PHILADELPHIA (CN) – Three insurance companies demand $17.5 million from Cephalon and Teva Pharmaceuticals, claiming they pushed the powerful painkiller Actiq for off-label uses though the FDA approved it only for treating “breakthrough pain” in cancer patients.
Travelers Indemnity Co., St. Paul Fire and Marine Insurance Co., and Standard Fire Insurance sued Cephalon, and Teva Pharmaceuticals in Federal Court. Teva bought Cephalon in October 2011, and Cephalon is now its wholly owned subsidiary, according to the complaint.
The insurers say Cephalon and Teva have been pushing Actiq for off-label uses since at least October 2000.
Doctors are allowed to prescribe drugs for off-label uses, but drug companies are not allowed to promote the drugs for that.

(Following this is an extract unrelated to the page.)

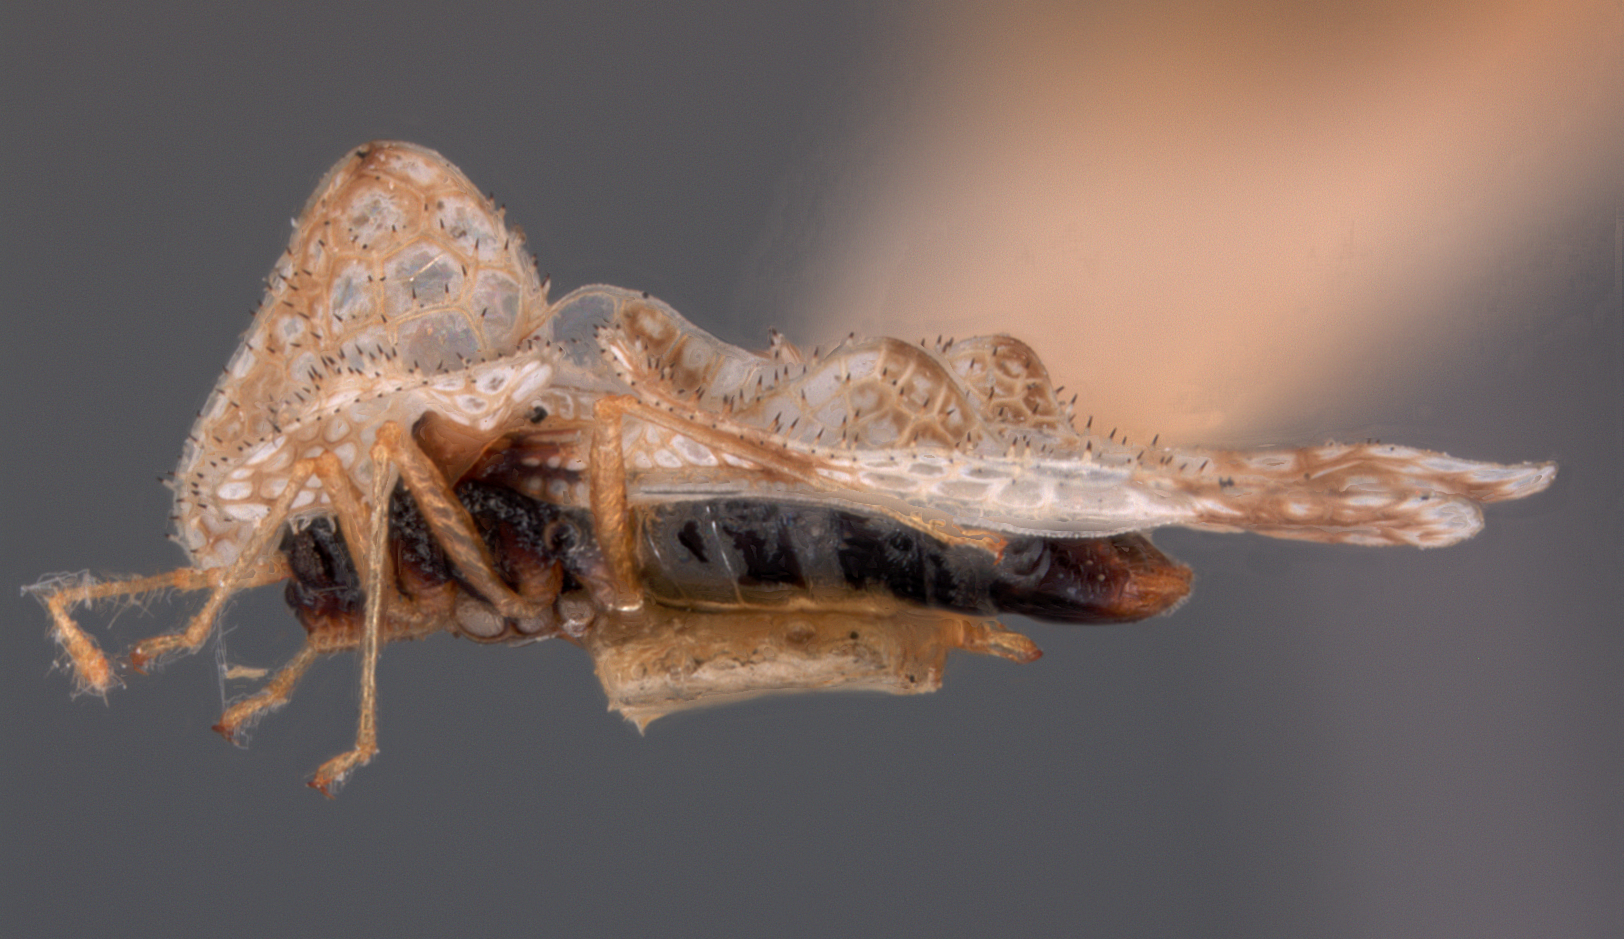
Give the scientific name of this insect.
Corythucha elegans

Actiq is “a powerful and highly addictive painkiller, approved by the U.S. Food and Drug Administration (‘FDA’) for the limited purpose of managing ‘breakthrough pain in cancer patients 16 years of age and older who are already receiving and who are tolerant to around-the-clock opioid therapy for their underlying persistent cancer pain’ – i.e., a narrow class of cancer patients with pain that cannot be managed using other narcotic-based drugs,” the insurers say in the complaint.
“Despite these very specific limitations, during the period beginning as early as October 2000 and continuing through the present … defendants engaged in a continuing pattern and practice of marketing, promoting and selling Actiq for, inter alia, the treatment of pain in a wide range of patients for whom Actiq is medically unnecessary, contraindicated, ineffective and/or otherwise inappropriate.
“During the relevant period, defendants also made certain material misrepresentations to the medical community and the general public regarding the safety, efficacy and appropriateness of Actiq, which caused, and continue to cause, issuance of prescriptions for Actiq to a multitude of non-cancer patients throughout the United States for whom the Actiq is medically unnecessary, contraindicated, ineffective and/or otherwise inappropriate and who would be better served by receiving other drugs,” the complaint states.
The insurers say these patients include workers injured on the job whose prescriptions were covered by worker’s compensation insurance.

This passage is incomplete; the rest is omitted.